Éditorial : Réut ?

Si vous voulez vous faire des amis à la fois chez les agriculteurs et chez les gestionnaires de l’eau, vous n’avez qu’à prononcer un petit mot, un simple sigle : Réut. La réutilisation des eaux usées traitées est un des rares sujets qui fasse l’unanimité dans ces deux secteurs d’activité, alors que toutes les autres questions portant sur l’eau sont plutôt sources de tension entre eux ces temps-ci. C’est aussi un sujet à la mode, depuis qu’un règlement européen lui a fixé un cadre commun et impératif pour tous les États membres. La France a d’abord emboîté le pas avec une certaine prudence, mais elle s’y est convertie à l’occasion du Varenne agricole de l’eau et de l’adaptation au changement climatique.

Au-delà des discours et des projets, il demeure une incertitude, cruciale pour le succès de la Réut auprès des agriculteurs : de quel œil le consommateur français verra-t-il sa laitue s’il apprend qu’elle a été copieusement arrosée avec des eaux usées, même traitées ? Eh bien, d’un très bon œil, si l’on en croit le dernier baromètre annuel réalisé par Kantar pour le Centre d’information sur l’eau. Cette édition a été largement influencée par la sécheresse et la canicule que nous avons vécues l’an dernier. Ainsi, 83 % des sondés pensent que le changement climatique pourrait avoir un impact sur le manque d’eau ou la sécheresse. Et 33 % d’entre eux pensent qu’ils manqueront d’eau dans leur région d’ici à vingt ans, contre 24 % l’année précédente.
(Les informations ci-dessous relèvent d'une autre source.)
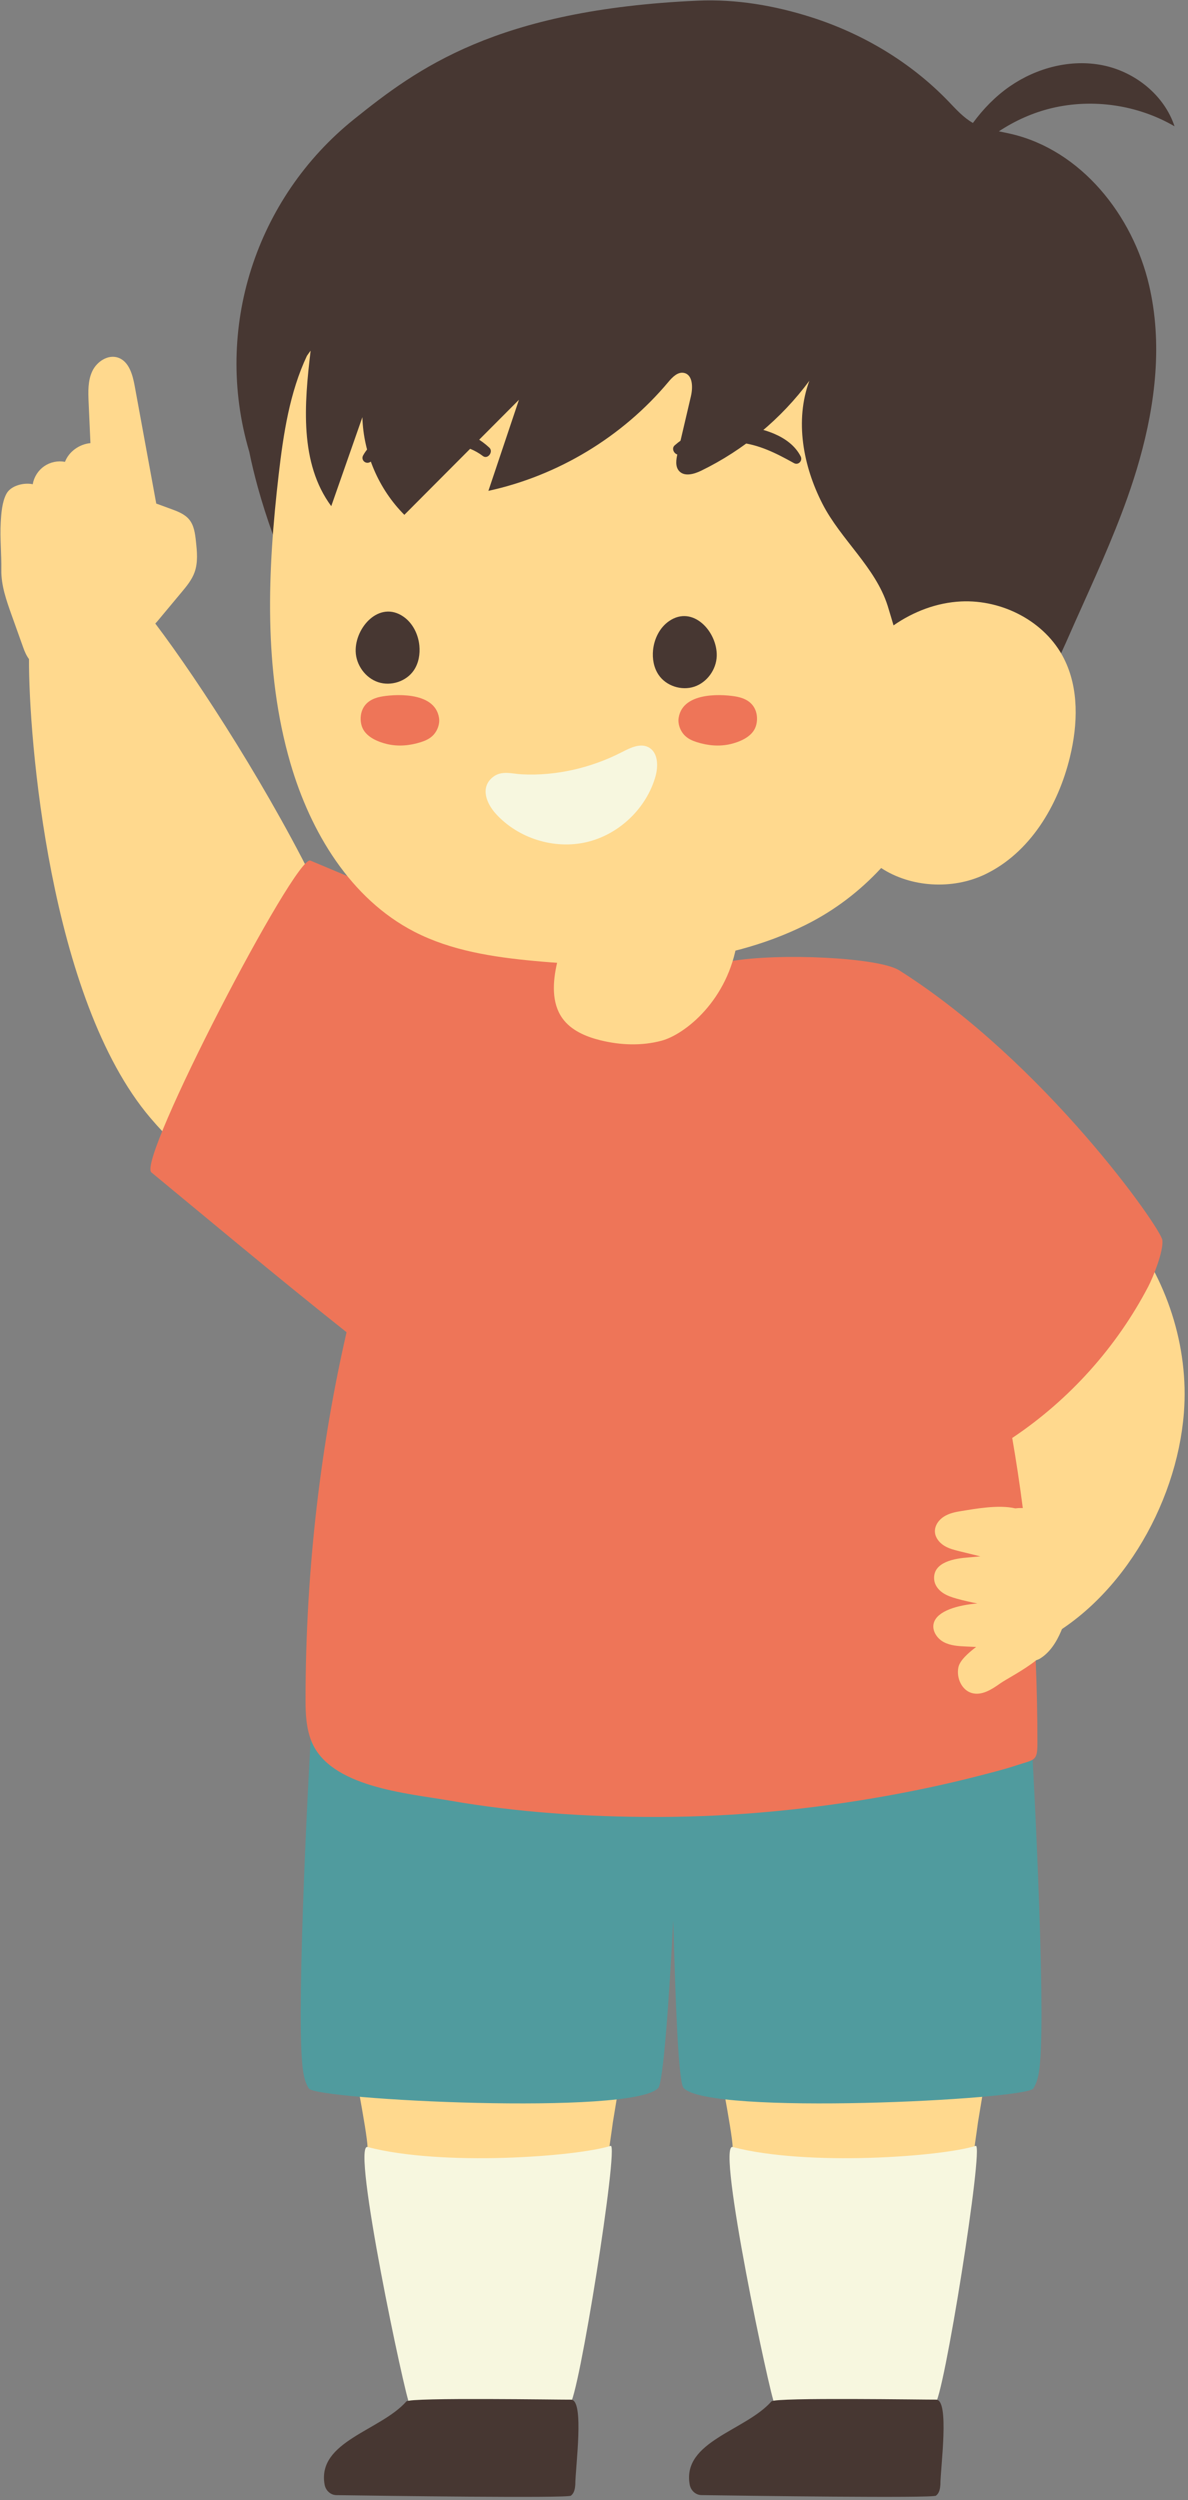 <?xml version="1.0" encoding="UTF-8"?>
<!DOCTYPE svg PUBLIC '-//W3C//DTD SVG 1.0//EN'
          'http://www.w3.org/TR/2001/REC-SVG-20010904/DTD/svg10.dtd'>
<svg height="86.9" preserveAspectRatio="xMidYMid meet" version="1.0" viewBox="27.4 4.6 41.3 86.9" width="41.3" xmlns="http://www.w3.org/2000/svg" xmlns:xlink="http://www.w3.org/1999/xlink" zoomAndPan="magnify"
><rect x="27.4" y="4.6" width="41.3" height="86.9" fill="#808080" stroke="none"/><g id="change1_1"
  ><path d="M38.756,40.198c-0.739,0.754-1.361,8.867-6.129,3.257 c-3.515-4.136-4.231-13.23-4.219-15.946c-0.089-0.119-0.15-0.259-0.2-0.4 c-0.135-0.377-0.27-0.755-0.405-1.133c-0.18-0.504-0.365-1.027-0.357-1.569c0.008-0.544-0.05-1.088-0.021-1.638 c0.017-0.317,0.046-0.727,0.201-1.011c0.158-0.288,0.618-0.392,0.912-0.327c0.042-0.25,0.189-0.48,0.397-0.625 c0.208-0.144,0.475-0.201,0.724-0.153c0.139-0.362,0.502-0.615,0.885-0.651c-0.021-0.471-0.042-0.943-0.063-1.414 c-0.016-0.369-0.03-0.755,0.128-1.088c0.158-0.334,0.547-0.589,0.896-0.469 c0.379,0.131,0.506,0.592,0.578,0.986c0.25,1.362,0.499,2.724,0.749,4.086c0.173,0.063,0.346,0.127,0.519,0.19 c0.23,0.084,0.472,0.177,0.627,0.366c0.169,0.206,0.204,0.487,0.233,0.752c0.039,0.361,0.076,0.737-0.046,1.078 c-0.095,0.266-0.28,0.49-0.462,0.707c-0.278,0.333-0.556,0.666-0.834,1 c-0.022,0.027-0.046,0.052-0.07,0.078c1.551,2.05,4.073,5.962,5.761,9.479 c0.304,0.633,1.252,1.232,1.422,1.941C40.213,38.661,39.367,39.576,38.756,40.198z M66.508,47.225 c-0.523-0.653-1.551-1.938-2.529-1.773c-1.143,0.194-1.186,2.162-1.284,3.028 c-0.308,2.72-0.828,5.417-1.551,8.057c-0.315,1.151-0.672,2.359-0.385,3.517c0.186,0.752,0.761,1.498,1.535,1.525 c0.34,0.012,0.732,0.342,1.04,0.199c2.939-1.361,4.973-4.84,5.223-8.069 C68.737,51.391,67.957,49.034,66.508,47.225z M61.753,70.948c-0.242-0.319-0.683-0.396-1.08-0.445 c-1.495-0.183-2.997-0.304-4.502-0.362c-1.146-0.044-4.129-2.736-4.713-1.444 c-0.496,1.095,1.366,9.376,1.413,10.529c0.076,1.845,1.465,7.791,1.689,8.576 c0.117,0.409,4.927,0.833,5.171-0.07c0.805-2.973,1.668-9.367,1.668-9.367s1.032-6.191,1.12-7.239 C62.549,70.754,61.978,71.244,61.753,70.948z M49.06,70.948c-0.242-0.319-0.683-0.396-1.08-0.445 c-1.495-0.183-2.997-0.304-4.502-0.362c-1.146-0.044-4.129-2.736-4.713-1.444 c-0.496,1.095,1.366,9.376,1.413,10.529c0.076,1.845,1.465,7.791,1.689,8.576 c0.117,0.409,4.927,0.833,5.171-0.07c0.805-2.973,1.668-9.367,1.668-9.367s1.032-6.191,1.119-7.239 C49.857,70.754,49.286,71.244,49.06,70.948z" fill="#FFD98E"
  /></g
  ><g id="change2_1"
  ><path d="M61.321,79.186c0.297-0.093-1.135,8.924-1.425,8.98c-1.523,0.291-5.339,0.271-5.568-0.009 c-0.135-0.165-2.033-9.082-1.458-8.931C55.477,79.908,60.127,79.561,61.321,79.186z M40.178,79.226 c-0.575-0.151,1.323,8.766,1.458,8.931c0.229,0.28,4.045,0.3,5.568,0.009 c0.29-0.056,1.722-9.073,1.425-8.98C47.435,79.561,42.784,79.908,40.178,79.226z" fill="#F7F7DF"
  /></g
  ><g id="change3_1"
  ><path d="M60.092,90.964c-0.011,0.136-0.031,0.285-0.152,0.38c-0.119,0.095-6.665,0.003-8.154-0.019 c-0.205-0.003-0.373-0.16-0.41-0.37c-0.265-1.502,1.946-1.867,2.844-2.888c0.126-0.144,5.444-0.055,5.721-0.06 C60.422,87.999,60.092,90.386,60.092,90.964z M47.249,88.008c-0.278,0.005-5.595-0.084-5.721,0.06 c-0.898,1.02-3.108,1.385-2.844,2.888c0.037,0.209,0.205,0.367,0.41,0.37c1.489,0.022,8.034,0.113,8.154,0.019 c0.121-0.096,0.14-0.244,0.152-0.38C47.399,90.386,47.73,87.999,47.249,88.008z" fill="#473732"
  /></g
  ><g id="change4_1"
  ><path d="M63.166,63.608l-0.636,0.413c-2.924,0.356-5.848,0.712-8.772,1.067 c-0.693,0.084-1.459,0.209-1.893,0.765c-0.171,0.219-0.58,0.217-0.878,0.278 c-0-0.1-0.001-0.193-0.003-0.269c-0.012-0.472-1.108,0.361-1.397-0.009 c-0.434-0.557-1.2-0.681-1.892-0.765c-2.922-0.356-5.843-0.712-8.765-1.067l-0.636-0.413 c-0.156,2.08-0.582,10.529-0.391,12.671c0.028,0.317,0.064,0.648,0.236,0.914 c0.252,0.391,11.297,0.948,12.146-0.021c0.17-0.194,0.375-3.014,0.52-5.827 c0.079,2.803,0.174,5.617,0.359,5.827c0.851,0.969,11.905,0.412,12.157,0.021 c0.172-0.266,0.208-0.597,0.236-0.914C63.749,74.137,63.322,65.688,63.166,63.608z" fill="#509B9E"
  /></g
  ><g id="change5_1"
  ><path d="M58.661,38.327c-0.71-0.448-4.17-0.615-5.886-0.313h-5.694 c-1.438-0.302-2.907-0.997-8.891-3.502c-0.516-0.216-6.042,10.414-5.527,10.838 c1.482,1.221,4.376,3.645,6.785,5.556c-0.867,3.774-1.427,8.146-1.426,12.804c0,0.48,0.027,0.971,0.207,1.417 c0.647,1.597,3.332,1.802,4.806,2.059c2.363,0.411,4.77,0.568,7.168,0.568c0.052,0,0.104-0,0.156-0 c2.625-0.01,5.249-0.265,7.831-0.727c1.067-0.191,2.127-0.417,3.176-0.686 c0.458-0.118,0.923-0.233,1.372-0.381c0.619-0.204,0.726-0.136,0.727-0.749c0.002-3.988-0.337-7.527-0.876-10.631 c0.009-0.006,0.019-0.012,0.029-0.018c1.968-1.321,3.599-3.14,4.698-5.24c0.178-0.341,0.536-1.234,0.493-1.616 C67.76,47.282,63.701,41.512,58.661,38.327z" fill="#EE7558"
  /></g
  ><g id="change1_2"
  ><path d="M64.285,61.303c-0.161,0.377-0.392,0.744-0.743,0.954c-0.037,0.022-0.081,0.033-0.12,0.05 c-0.443,0.355-1.051,0.662-1.262,0.813c-0.29,0.207-0.634,0.424-0.977,0.326 c-0.355-0.102-0.54-0.532-0.465-0.894c0.049-0.236,0.338-0.495,0.617-0.707c-0.117-0.005-0.233-0.011-0.35-0.016 c-0.268-0.012-0.546-0.028-0.782-0.156c-0.236-0.128-0.414-0.404-0.34-0.662c0.121-0.423,0.835-0.621,1.514-0.678 c-0.24-0.047-0.479-0.1-0.714-0.166c-0.174-0.049-0.349-0.106-0.498-0.21 c-0.148-0.104-0.268-0.261-0.288-0.441c-0.069-0.636,0.742-0.749,1.189-0.783 c0.124-0.009,0.267-0.024,0.417-0.037c-0.235-0.057-0.47-0.114-0.705-0.172 c-0.193-0.047-0.389-0.095-0.557-0.2c-0.168-0.105-0.307-0.277-0.319-0.475 c-0.013-0.216,0.128-0.418,0.311-0.534c0.182-0.116,0.4-0.162,0.613-0.195 c0.429-0.068,1.285-0.231,1.869-0.092c0.591-0.079,1.292,0.229,1.527,0.736 C64.728,58.852,64.755,60.205,64.285,61.303z M48.646,34.204c-0.504,0.235-1.677,2.985-1.881,3.871 c-0.148,0.646-0.199,1.379,0.186,1.918c0.301,0.422,0.814,0.639,1.317,0.764c0.696,0.172,1.435,0.202,2.128,0.017 c0.807-0.214,2.33-1.408,2.636-3.482c0.153-1.033-0.326-2.058-0.707-3 C52.255,33.992,48.919,34.076,48.646,34.204z" fill="#FFD98E"
  /></g
  ><g id="change3_2"
  ><path d="M62.541,9.253c-0.138-0.032-0.277-0.059-0.416-0.088c0.564-0.372,1.187-0.652,1.844-0.808 c1.432-0.34,2.992-0.108,4.263,0.633c-0.358-1.081-1.365-1.888-2.481-2.118C64.636,6.642,63.445,6.953,62.508,7.6 c-0.5,0.346-0.925,0.784-1.285,1.274c-0.332-0.187-0.59-0.48-0.854-0.754 c-1.311-1.361-2.98-2.354-4.777-2.925c-1.268-0.403-2.603-0.631-3.932-0.572 c-7.01,0.31-9.759,2.361-11.953,4.122c-3.419,2.746-4.893,7.291-3.649,11.531 c0.002,0.006,0.005,0.012,0.006,0.018c0.085,0.419,0.186,0.836,0.3,1.248c0.599,2.163,1.547,4.21,2.491,6.247 c0.104,0.224,0.226,0.466,0.454,0.561c0.235,0.098,20.745,3.433,21.7,3.111c0.558-0.188,1.003-0.941,1.356-1.371 c0.303-0.369,0.626-0.722,0.924-1.095c0.666-0.832,1.055-1.812,1.486-2.778c0.637-1.425,1.295-2.844,1.818-4.317 c0.153-0.432,0.295-0.87,0.42-1.314c0.561-1.984,0.8-4.069,0.336-6.064 C66.783,12.082,64.984,9.817,62.541,9.253z" fill="#473732"
  /></g
  ><g id="change1_3"
  ><path d="M64.385,27.485c-0.651-1.284-2.135-2.049-3.574-1.98c-0.844,0.041-1.652,0.35-2.348,0.832 c-0.069-0.226-0.133-0.455-0.204-0.68c-0.424-1.34-1.63-2.301-2.267-3.545 c-0.673-1.314-0.967-2.893-0.455-4.277c-0.978,1.323-2.28,2.405-3.759,3.125 c-0.248,0.121-0.584,0.217-0.769,0.012c-0.143-0.158-0.103-0.404-0.055-0.611 c0.155-0.662,0.31-1.325,0.465-1.987c0.072-0.308,0.069-0.746-0.24-0.812 c-0.217-0.046-0.404,0.147-0.546,0.317c-1.593,1.902-3.83,3.255-6.254,3.782c0.354-1.055,0.708-2.11,1.062-3.165 c-1.328,1.333-2.656,2.666-3.984,3.999c-0.891-0.893-1.424-2.133-1.459-3.394 c-0.36,1.031-0.721,2.061-1.082,3.092c-1.11-1.498-0.939-3.553-0.717-5.403 c-0.048,0.057-0.085,0.12-0.129,0.178c-0.599,1.27-0.817,2.706-0.98,4.111 c-0.389,3.354-0.537,6.81,0.407,10.052c0.696,2.391,2.091,4.711,4.304,5.853c1.278,0.66,2.734,0.882,4.167,1.016 c3.2,0.3,6.555,0.18,9.433-1.249c1.028-0.511,1.902-1.19,2.632-1.98 c1.021,0.671,2.467,0.765,3.602,0.225c1.57-0.747,2.553-2.394,2.961-4.085 C64.871,29.776,64.914,28.527,64.385,27.485z" fill="#FFD98E"
  /></g
  ><g id="change5_2"
  ><path d="M53.032,28.819c0.255,0.052,0.536,0.181,0.645,0.504 c0.062,0.185,0.052,0.412-0.026,0.585c-0.152,0.337-0.586,0.49-0.847,0.553 c-0.391,0.093-0.794,0.057-1.179-0.065c-0.158-0.051-0.319-0.119-0.446-0.259 c-0.127-0.14-0.222-0.369-0.186-0.589C51.146,28.595,52.639,28.739,53.032,28.819z M40.623,28.819 c-0.255,0.052-0.536,0.181-0.645,0.504c-0.062,0.185-0.052,0.412,0.026,0.585 c0.152,0.337,0.586,0.49,0.847,0.553c0.391,0.093,0.794,0.057,1.179-0.065 c0.158-0.051,0.319-0.119,0.446-0.259c0.127-0.14,0.222-0.369,0.186-0.589 C42.509,28.595,41.015,28.739,40.623,28.819z" fill="#EE7558"
  /></g
  ><g id="change3_3"
  ><path d="M41.423,26.032c0.326,0.225,0.517,0.613,0.556,1.007c0.029,0.297-0.024,0.61-0.191,0.858 c-0.262,0.389-0.798,0.562-1.242,0.414c-0.445-0.148-0.767-0.597-0.781-1.066 C39.739,26.404,40.591,25.46,41.423,26.032z M50.659,26.189c-0.326,0.225-0.516,0.613-0.556,1.007 c-0.03,0.297,0.024,0.61,0.191,0.858c0.261,0.389,0.798,0.562,1.242,0.414c0.445-0.148,0.767-0.597,0.781-1.066 C52.342,26.561,51.49,25.616,50.659,26.189z M51.079,20.372c0.552-0.401,1.325-0.458,1.982-0.395 c0.722,0.068,1.32,0.376,1.94,0.72c0.154,0.086,0.311-0.084,0.234-0.234c-0.377-0.739-1.383-1.01-2.148-1.068 c-0.807-0.061-1.622,0.144-2.233,0.686C50.699,20.218,50.907,20.496,51.079,20.372L51.079,20.372z M44.412,20.16c-0.597-0.558-1.411-0.782-2.219-0.742c-0.769,0.038-1.771,0.286-2.17,1.013 c-0.084,0.153,0.083,0.314,0.234,0.234c0.63-0.331,1.239-0.617,1.963-0.665c0.659-0.045,1.427,0.036,1.967,0.451 C44.355,20.58,44.564,20.302,44.412,20.16L44.412,20.16z" fill="#473732"
  /></g
  ><g id="change2_2"
  ><path d="M49.017,30.744c0.291-0.149,0.634-0.322,0.925-0.172c0.341,0.176,0.348,0.663,0.241,1.031 c-0.321,1.108-1.273,2.009-2.397,2.269c-1.124,0.26-2.375-0.132-3.149-0.987c-0.324-0.358-0.557-0.916-0.099-1.278 c0.299-0.236,0.657-0.111,1.006-0.093C46.734,31.576,47.962,31.287,49.017,30.744z" fill="#F7F7DF"
  /></g
></svg
>

Depuis 2019, le baromètre se penche aussi sur l’opinion des Français à l’égard de la Réut. Toutefois, il aborde ce sujet en le mettant à la portée des gens ordinaires, et non dans une optique professionnelle. La question posée est en effet : « Accepteriez-vous d’utiliser une eau du robinet issue du recyclage des eaux usées ? » Pour les usages domestique, comme l’hygiène, les sanitaires ou le nettoyage, l’acceptation est massive : 87 % entre 2019 et 2021, 86 % en 2022. Pour consommer des légumes arrosés avec des eaux usées dépolluées, les réponses sont un peu plus hésitantes, variant de 78 % à 81 % de oui selon les années, mais on voit qu’elles restent très largement positives.

Alors, tout baigne ? Pas tout à fait : il est très probable que la question posée et la question comprise ne sont pas la même. Depuis le lancement du baromètre, la moitié des sondés assurent en effet chaque année que leurs eaux usées sont retransformées en eau potable. Et cette réponse erronée est en progression : 53 % en 2021 et 56 % en 2022. Plus grave, 13 % des sondés (contre 7 % en 2021) sont persuadés que leurs eaux usées sont rejetées telles quelles dans les milieux aquatiques. Il n’y a donc plus que 31 % de Français qui répondent qu’elles sont traitées dans des usines de dépollution avant d’être rejetées dans les milieux naturels. Pour une large majorité des gens, la Réut ne serait donc qu’une nouvelle dénomination d’une pratique ancienne.

Ce score catastrophique est dû en partie au vocabulaire utilisé par les gestionnaires de l’eau. Quand on parle de petit cycle de l’eau pour désigner les opérations allant du captage des eaux brutes au rejet des eaux usées dépolluées, on commet une imprécision, puisqu’il ne s’agit pas d’un processus fermé, d’un cycle à proprement parler. Et quand on parle de station d’épuration, on donne à penser que l’eau qui en sort est pure. Ces deux expressions devraient être définitivement bannies du langage. Et si demain les usagers rechignent à payer la part assainissement de leur facture d’eau, il faudra en chercher la raison dans cette méconnaissance persistante du rôle de la dépollution des eaux usées.